They’re shifty fellows, alright! And that’s saying something coming from a lizard with a mood ring for an epidermis. The second you think you got these phishy fraudsters pegged, poof! Off to some shady corner of the web. Keeping up with them? Let’s just say it’s trickier than blending in at a kaleidoscope convention (ask me how I know). What we need is a clever way to pin these slippery suckers down, a fingerprinting of sorts that they can’t so easily shake off like yesterday’s skin. We need a good IPv4 web scanner!
Your web scanner shouldn’t be the average bug snatcher. Think, entire IPv4 space daily with 90+ web characteristics. I don’t care how good your camouflage abilities are, every chameleon retains a few distinct patterns when changing colors. Can you imagine how confusing it would be to remember who’s who if they didn’t? Websites are no exception. With a good scanner, we can track these patterns like html titles, html body ssdeep (aka fuzzy hashing), favicons, SSL certificates and more. “But Kodama,” you say, “What good is all that if you don’t know what to look for?” I’m glad you asked.
Let the machines do the heavy lifting—supervised, of course. With supervised machine learning, we teach the model to snag those fraudsters faster than flicking out my tongue. Let me break it down into byte-sized chunks (OK, maybe not that small).
We need an initial batch of starter data to which we can apply labels. This dataset can be small and manageable, nothing to lose your tail over! Perhaps use your organization’s public internet assets, and we’ll label them with simple categories like “legitimate,” “malicious,” and “benign.” No need for anything overly complicated.

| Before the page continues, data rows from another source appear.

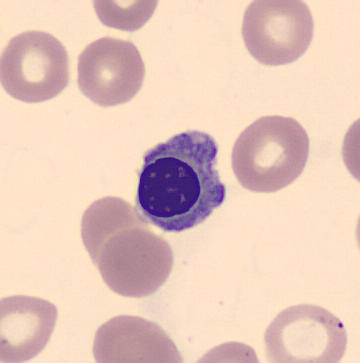 Image: Peripheral blood film · May-Grünwald-Giemsa-stained · imaged on a CellaVision DM96 analyser. Showing an erythroblast.
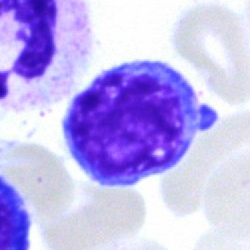 Classification — lymphocyte.
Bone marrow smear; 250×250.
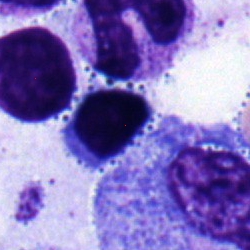
Q: What is shown here?
A: This is a nucleated red cell.
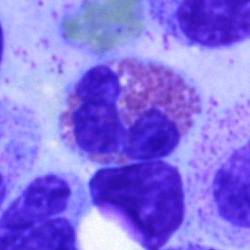

Single-cell crop from a bone marrow smear: eosinophil.
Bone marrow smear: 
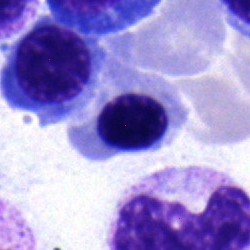Cell type = nucleated red cell.
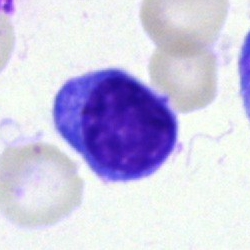 Single-cell crop from a bone marrow smear: nucleated red cell.
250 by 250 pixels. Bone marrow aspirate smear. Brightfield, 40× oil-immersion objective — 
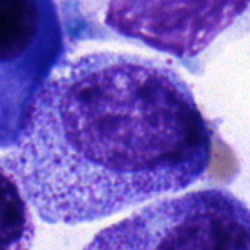Classification — myelocyte.
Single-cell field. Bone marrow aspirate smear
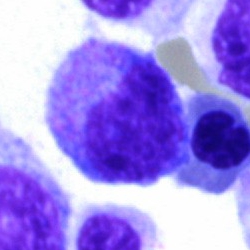
Cell type: myelocyte.
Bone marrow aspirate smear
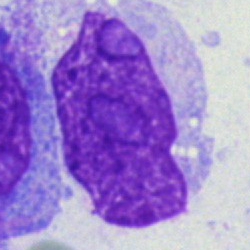 {"cell_type": "artefact"}
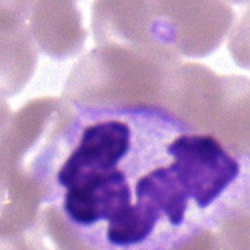 Impression → neutrophil (segmented).
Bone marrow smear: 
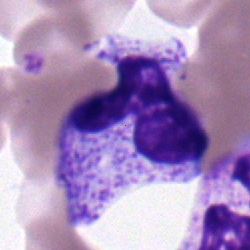

Showing a polymorphonuclear neutrophil.
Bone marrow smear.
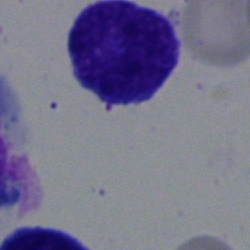 Q: What type of cell is this?
A: It is a lymphocyte.
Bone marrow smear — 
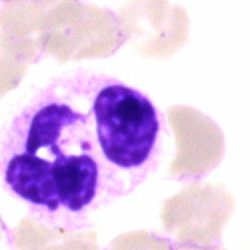Morphology consistent with a segmented neutrophil.
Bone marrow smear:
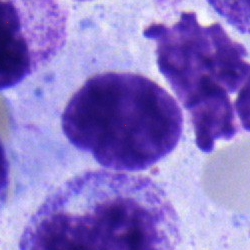 Q: What type of cell is this?
A: A typical lymphocyte.
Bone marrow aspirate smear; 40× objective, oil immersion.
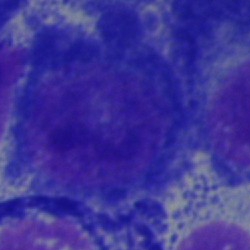Showing a plasma cell.
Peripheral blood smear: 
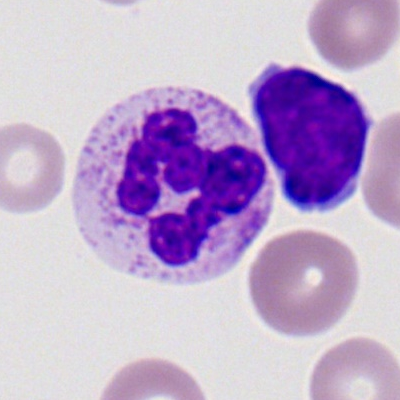
Specimen: peripheral blood film.
Classification: neutrophil (segmented).
Lineage: myeloid.
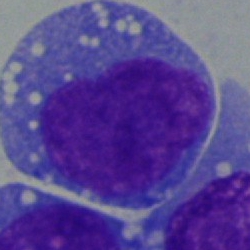Blast.
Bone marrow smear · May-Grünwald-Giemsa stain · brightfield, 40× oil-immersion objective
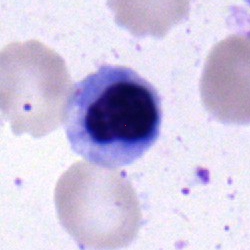
Q: What is the morphological classification of this cell?
A: It is an erythroblast.
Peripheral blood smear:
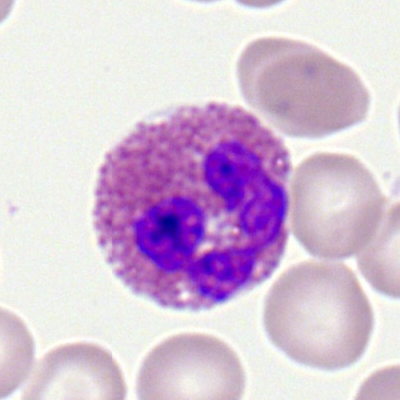Showing an eosinophil.
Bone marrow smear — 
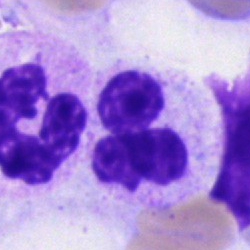
Specimen: bone marrow smear.
Classification: segmented neutrophil.
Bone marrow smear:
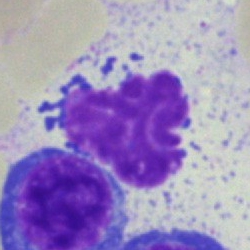The cell is artefact.
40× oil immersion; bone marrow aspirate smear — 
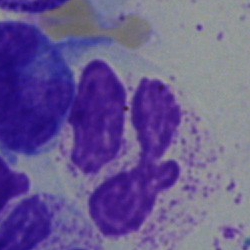

Specimen: bone marrow aspirate smear.
Cell: segmented neutrophil.
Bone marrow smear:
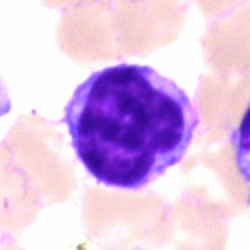Single cell identified as a lymphocyte.
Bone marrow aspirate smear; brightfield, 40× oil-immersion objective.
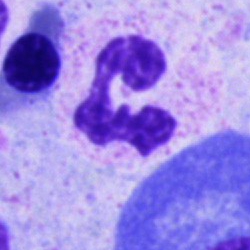This is a neutrophil (segmented).
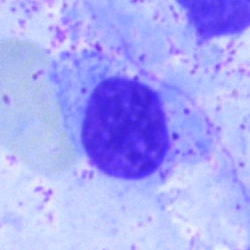 An artifact.
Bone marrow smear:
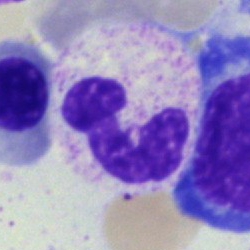
The cell shown is a segmented neutrophil.
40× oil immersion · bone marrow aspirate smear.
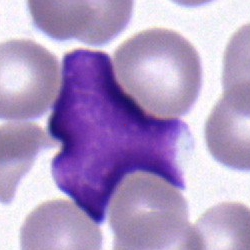 The morphological class is typical lymphocyte.
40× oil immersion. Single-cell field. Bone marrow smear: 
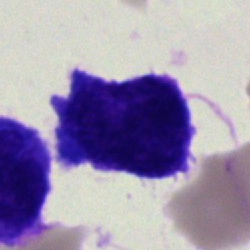 Showing a blast cell.
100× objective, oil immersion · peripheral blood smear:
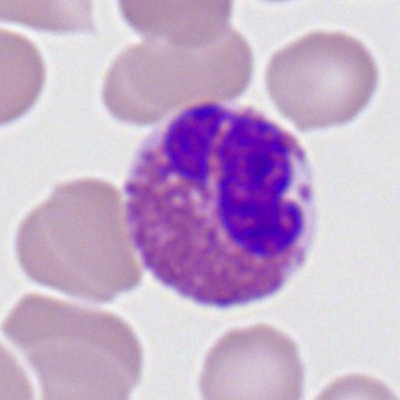
The cell shown is an eosinophil.
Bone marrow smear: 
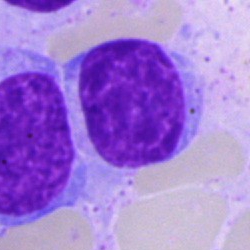
Q: Which cell type is shown here?
A: This is a lymphocyte.
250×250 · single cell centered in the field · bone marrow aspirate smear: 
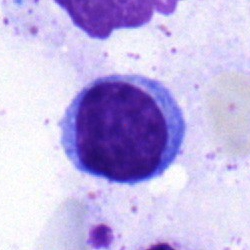 Lymphocyte.
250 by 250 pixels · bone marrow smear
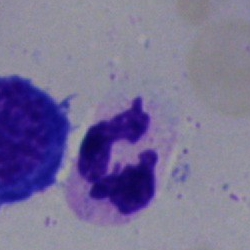
Q: Which cell type is shown here?
A: This is a neutrophil (segmented).
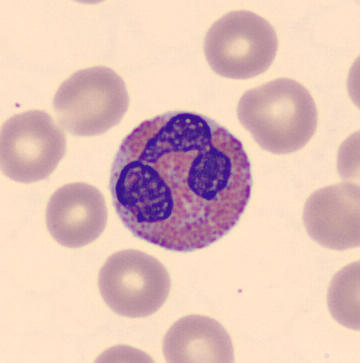
Acquisition: Peripheral blood smear.

Eosinophilic granulocyte.
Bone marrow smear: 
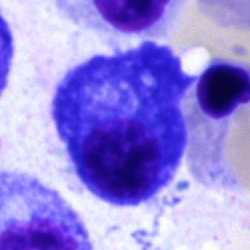
Showing a plasma cell.
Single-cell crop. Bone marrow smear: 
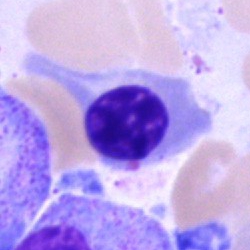Nucleated red cell.
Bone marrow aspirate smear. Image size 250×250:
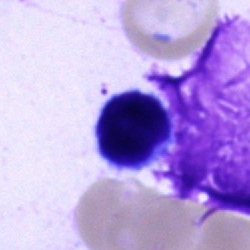

The cell shown is a typical lymphocyte.
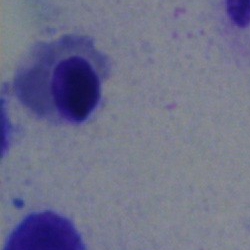Cell: nucleated red cell.
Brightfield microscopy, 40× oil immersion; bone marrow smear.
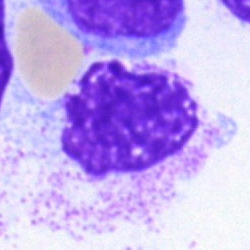Classification = artifact.
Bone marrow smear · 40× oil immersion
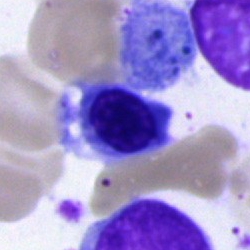 Cell type: nucleated red blood cell.
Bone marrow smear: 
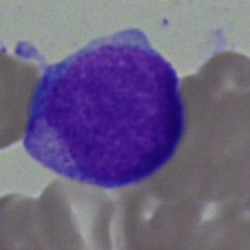

Specimen: bone marrow smear.
Cell: blast.
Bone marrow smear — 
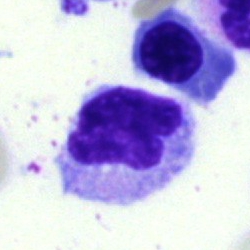Q: What is the morphological classification of this cell?
A: A monocyte.
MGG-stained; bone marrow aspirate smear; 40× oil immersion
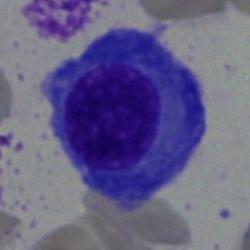 Showing a plasmacyte.
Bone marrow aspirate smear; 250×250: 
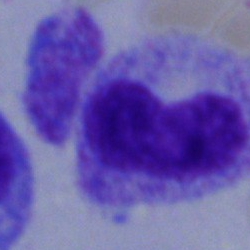

Specimen: bone marrow smear.
Cell: metamyelocyte.
Lineage: myeloid.
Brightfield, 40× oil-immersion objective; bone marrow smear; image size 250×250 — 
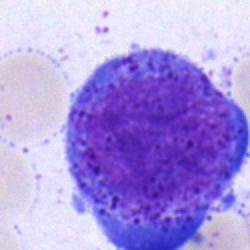The cell shown is a promyelocyte.
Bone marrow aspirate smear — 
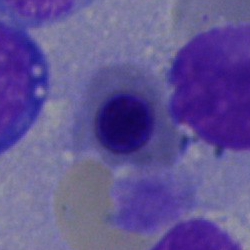

A nucleated red blood cell.
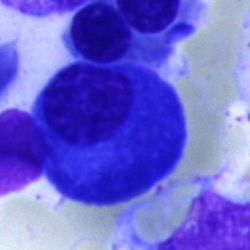Impression → plasma cell.
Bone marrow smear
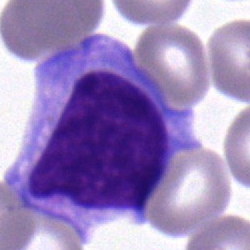 Morphological class = lymphocyte.
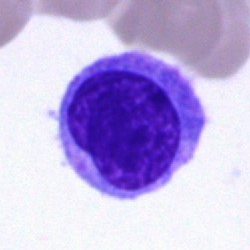Q: Which cell type is shown here?
A: This is a blast cell.
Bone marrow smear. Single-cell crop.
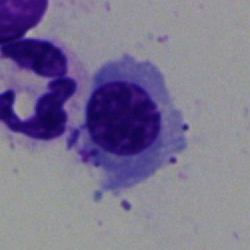 Showing a nucleated red cell.
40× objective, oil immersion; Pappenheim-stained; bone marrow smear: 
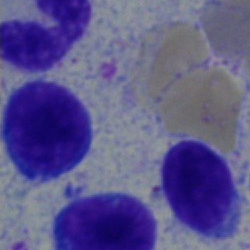 Morphology consistent with a typical lymphocyte.
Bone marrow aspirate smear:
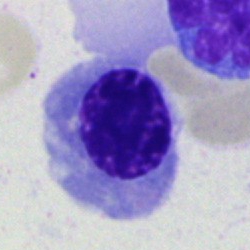

The classification is normoblast.
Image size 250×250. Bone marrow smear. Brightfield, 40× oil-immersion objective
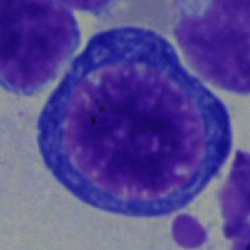

This is a pronormoblast.
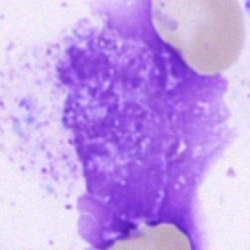Morphology → artifact.
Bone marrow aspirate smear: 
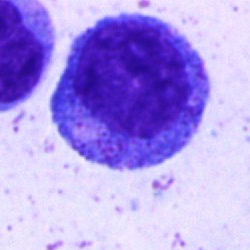Classification: progranulocyte.
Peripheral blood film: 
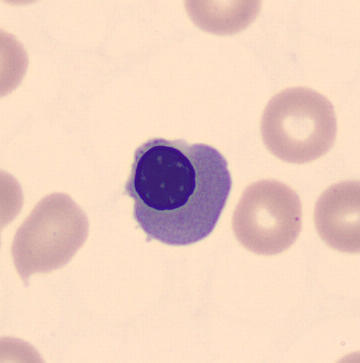
Identified as a normoblast.
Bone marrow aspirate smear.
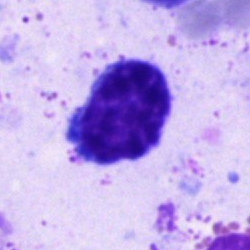

A lymphocyte.
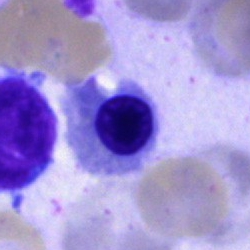

Cell: nucleated red cell.
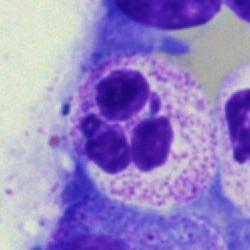

Cell type: neutrophil (segmented).
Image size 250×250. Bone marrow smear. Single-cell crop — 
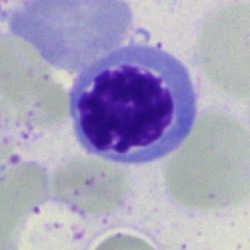 Q: Which cell type is shown here?
A: Nucleated red blood cell.
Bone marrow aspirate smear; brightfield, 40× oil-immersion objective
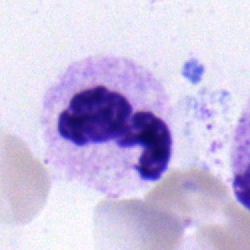
Specimen: bone marrow smear.
Cell type: segmented neutrophil.
Lineage: myeloid.
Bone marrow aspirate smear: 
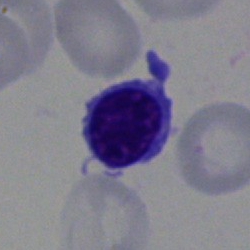

{"cell_type": "lymphocyte"}
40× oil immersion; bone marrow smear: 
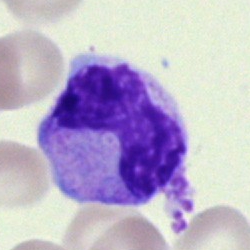

Band neutrophil.
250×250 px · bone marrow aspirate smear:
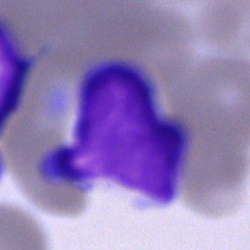
Single cell identified as a lymphocyte.

Once we’ve got our labeled data, it’s time to select which web features we’ll be using for the hunt. The features you choose will change the true positive to false positive flavor and how much data your system has to chew. The secret sauce is in fine tuning your system over time, catching as many true positives as possible without overwhelming your analyst. A good starting lineup includes HTML titles, SSDEEP hashes of the html body, favicon hashes, and SSL certificates.
Next, we score the individual values for each chosen feature. Stick with me as the math’s nothing too crazy:
$$\frac{2TP \times 100}{2TP + FP + (k \times \text{Total})}$$
We use TP as true positives, FP for false positives, Total as the number of URLs sharing a particular feature, and k is a smoothing factor. You can set k between 0 and 1 — let’s say 0.2. The x100 is purely optional since it’s a lot cleaner looking to set score thresholds as integers between 0 and 100 than as floats between 0 and 1. The idea is to avoid punishing features that don’t have much data, while still evaluating their performance.
Worried that you don’t have enough malicious URLs in your dataset? Don’t sweat it! This approach isn’t just for finding fraudsters; did I mention it’s perfect for attack surface management (ASM) too? Monitor your own assets, and if someone starts impersonating your organization, you’ll catch them soon enough.
Once you’ve got your scores, you can use them to create new queries. If the data flow is slow, lower your thresholds. Too much noise? Raise them. If one feature’s noisier than the rest, just tweak its threshold without disrupting the whole system. By the end of this process, you’ll have a list of high-value queries ready to run in your scanner, pulling down more juicy data for you to label.
And guess what? You’ve now looped back to step one! Label, refine, repeat. Feeling fancy? You can even automate the labeling. But remember—data processing is a whole other step in the threat intelligence lifecycle, and that’s a tale for another blog.
So, to summarize our fraudster-finding recipe: start with a generous helping of web scanning, sprinkle in some labels, stir up those features according to a good scoring equation, and pop it all into a search query to start the cycle again. Stretching the cooking analogy a bit too much? Yeah, probably… Ahem! Most definitely. But maybe it’s just my inner chef trying to escape. Who knew a chameleon could be such a foodie? OK, I’ll stop before I start mixing metaphors like a blender on overdrive.